# Funky fresh shed to impress,..



## Bubblz Calhoun (Jun 2, 2011)

_... and ready to eat . 

Korben has been MIA for almost 2 weeks,.. I could tell he had been coming out but I was missing him. I forgot to reset the timer on his lights when my sister and her hair dryer tripped a circuit and I think that threw him off. I fixed it earlier this week and he's been out most days in the morning like he use to be.

I had him out yesterday and he was looking dark but not quite ready to shed. But I woke up this morning and he had on his new digs ready to eat. 
He recognizes his food bowl now, so I took some pics. 



















Pot belly 









[size=medium]Didn't want to overload the first post.






Almost half of his shed came off in one piece from his eye to his rear leg.
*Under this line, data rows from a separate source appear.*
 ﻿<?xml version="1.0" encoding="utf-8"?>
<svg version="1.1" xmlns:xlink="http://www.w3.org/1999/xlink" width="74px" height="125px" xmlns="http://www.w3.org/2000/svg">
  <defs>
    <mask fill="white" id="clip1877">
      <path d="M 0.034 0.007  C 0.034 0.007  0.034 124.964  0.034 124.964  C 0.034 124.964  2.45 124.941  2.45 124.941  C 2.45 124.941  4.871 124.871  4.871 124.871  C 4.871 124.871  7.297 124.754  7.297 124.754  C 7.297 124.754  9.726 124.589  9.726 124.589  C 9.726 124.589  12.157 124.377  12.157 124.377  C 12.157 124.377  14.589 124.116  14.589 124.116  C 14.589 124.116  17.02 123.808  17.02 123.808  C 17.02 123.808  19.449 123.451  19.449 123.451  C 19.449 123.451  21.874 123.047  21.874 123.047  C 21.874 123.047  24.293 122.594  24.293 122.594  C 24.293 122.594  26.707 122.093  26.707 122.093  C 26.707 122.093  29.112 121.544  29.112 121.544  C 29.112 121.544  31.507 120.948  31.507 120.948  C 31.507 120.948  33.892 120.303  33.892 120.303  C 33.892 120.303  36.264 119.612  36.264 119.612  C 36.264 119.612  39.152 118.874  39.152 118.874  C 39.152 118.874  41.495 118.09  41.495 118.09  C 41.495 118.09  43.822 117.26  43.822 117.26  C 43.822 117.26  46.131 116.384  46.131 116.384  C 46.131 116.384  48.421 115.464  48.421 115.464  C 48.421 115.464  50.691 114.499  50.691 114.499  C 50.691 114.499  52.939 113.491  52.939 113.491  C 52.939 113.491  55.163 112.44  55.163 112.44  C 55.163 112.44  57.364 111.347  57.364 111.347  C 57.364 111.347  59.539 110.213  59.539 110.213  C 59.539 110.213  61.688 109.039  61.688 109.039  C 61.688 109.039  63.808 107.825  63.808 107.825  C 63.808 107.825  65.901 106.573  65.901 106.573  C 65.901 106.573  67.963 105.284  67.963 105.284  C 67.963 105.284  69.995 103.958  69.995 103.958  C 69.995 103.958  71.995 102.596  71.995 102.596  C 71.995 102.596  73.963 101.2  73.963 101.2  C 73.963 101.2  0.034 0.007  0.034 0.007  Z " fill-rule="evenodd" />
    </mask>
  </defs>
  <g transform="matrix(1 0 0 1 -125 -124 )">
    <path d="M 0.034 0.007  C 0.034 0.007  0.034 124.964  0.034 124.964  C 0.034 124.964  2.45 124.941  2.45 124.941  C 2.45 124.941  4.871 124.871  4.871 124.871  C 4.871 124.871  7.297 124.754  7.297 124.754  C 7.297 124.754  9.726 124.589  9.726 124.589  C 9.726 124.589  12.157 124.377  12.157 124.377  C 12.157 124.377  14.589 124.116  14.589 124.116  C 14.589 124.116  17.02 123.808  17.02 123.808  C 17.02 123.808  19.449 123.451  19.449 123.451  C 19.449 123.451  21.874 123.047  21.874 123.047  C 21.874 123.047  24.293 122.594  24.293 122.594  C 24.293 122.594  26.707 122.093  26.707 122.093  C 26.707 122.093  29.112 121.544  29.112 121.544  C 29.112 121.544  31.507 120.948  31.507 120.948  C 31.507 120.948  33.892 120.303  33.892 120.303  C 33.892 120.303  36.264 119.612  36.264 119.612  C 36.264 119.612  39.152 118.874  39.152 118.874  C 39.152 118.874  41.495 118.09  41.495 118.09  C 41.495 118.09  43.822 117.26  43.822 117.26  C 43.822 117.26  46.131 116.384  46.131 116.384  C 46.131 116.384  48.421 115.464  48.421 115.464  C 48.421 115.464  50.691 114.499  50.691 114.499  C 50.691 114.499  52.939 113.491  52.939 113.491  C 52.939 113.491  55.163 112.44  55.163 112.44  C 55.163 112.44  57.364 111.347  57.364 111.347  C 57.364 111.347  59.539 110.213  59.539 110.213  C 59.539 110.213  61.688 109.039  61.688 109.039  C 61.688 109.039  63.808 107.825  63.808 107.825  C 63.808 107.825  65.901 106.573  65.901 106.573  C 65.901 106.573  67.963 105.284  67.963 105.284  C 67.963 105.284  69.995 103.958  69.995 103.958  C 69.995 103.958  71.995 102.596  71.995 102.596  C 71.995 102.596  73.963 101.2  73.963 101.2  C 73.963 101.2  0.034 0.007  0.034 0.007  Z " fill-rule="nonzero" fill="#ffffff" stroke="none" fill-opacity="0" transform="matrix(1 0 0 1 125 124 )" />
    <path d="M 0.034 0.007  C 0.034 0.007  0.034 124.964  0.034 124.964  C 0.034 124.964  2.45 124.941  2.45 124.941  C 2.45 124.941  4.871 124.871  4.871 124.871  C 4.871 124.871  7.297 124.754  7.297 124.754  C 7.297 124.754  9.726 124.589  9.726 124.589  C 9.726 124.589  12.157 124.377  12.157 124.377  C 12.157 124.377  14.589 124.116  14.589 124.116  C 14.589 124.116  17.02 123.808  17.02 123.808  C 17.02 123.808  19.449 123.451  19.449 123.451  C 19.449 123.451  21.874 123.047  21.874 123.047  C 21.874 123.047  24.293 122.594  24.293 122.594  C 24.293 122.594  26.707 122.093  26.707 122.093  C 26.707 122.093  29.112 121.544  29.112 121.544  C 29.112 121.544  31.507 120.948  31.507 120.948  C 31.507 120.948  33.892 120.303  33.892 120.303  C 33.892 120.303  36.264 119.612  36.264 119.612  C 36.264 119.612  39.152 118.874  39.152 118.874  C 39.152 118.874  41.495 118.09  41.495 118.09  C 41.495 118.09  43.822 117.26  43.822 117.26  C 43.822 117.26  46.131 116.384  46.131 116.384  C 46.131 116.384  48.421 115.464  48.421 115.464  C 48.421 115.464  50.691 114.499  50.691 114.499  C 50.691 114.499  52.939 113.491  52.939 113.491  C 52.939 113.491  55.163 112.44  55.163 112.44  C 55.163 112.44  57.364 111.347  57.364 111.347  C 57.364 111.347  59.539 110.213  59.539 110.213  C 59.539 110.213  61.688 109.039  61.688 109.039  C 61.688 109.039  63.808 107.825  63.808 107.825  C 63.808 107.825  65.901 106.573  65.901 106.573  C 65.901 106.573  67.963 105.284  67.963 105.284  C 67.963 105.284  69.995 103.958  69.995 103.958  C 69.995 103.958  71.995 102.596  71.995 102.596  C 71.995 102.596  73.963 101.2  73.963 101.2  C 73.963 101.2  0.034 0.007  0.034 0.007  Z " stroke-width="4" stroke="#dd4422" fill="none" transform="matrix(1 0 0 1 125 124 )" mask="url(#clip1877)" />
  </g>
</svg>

He has a Smile now Cry later on his head like Tricky  













_


----------



## jerobi2k (Jun 2, 2011)

beautiful, great color! lookin good!


----------



## WildlifeLover429 (Jun 2, 2011)

gorgeous coloring my friend


----------



## herpgirl2510 (Jun 2, 2011)

He has such a great white face. I love the head on shot so cute.


----------



## Bubblz Calhoun (Jun 2, 2011)

_Thanks everyone,.. he's coming along nicely,.. still a little huffy but that's to be expected. No bites,.. so that's a plus,.. from him at least. I went to a local shop yesterday to check out the Gu's they have and got bit by one of their babies.  Thanks for reminding me what those little teeth feel like especially when I haven't been tasted by my own tegu lol.

Which reminded me how smooth Colombians are compared to Reds and B&W's. It's been a while and I forgot about that. _


----------



## txrepgirl (Jun 2, 2011)

Oh wow. Congrats on your new Tegu   . I must of been gone ( of the forums ) longer then I thought. I didn't even know that you got a new Tegu. He looks great. I love the light coloration on him  . He sure is going to be a looker ( he already is  ).


----------



## Bubblz Calhoun (Jun 4, 2011)

_Thank you and that's okay Txrepgirl,..  we all get caught up in life and miss things here and there on forums. Plus I haven't had him that long,.. this is just his second thread.

On top of that I forgot to post it on the forum _


----------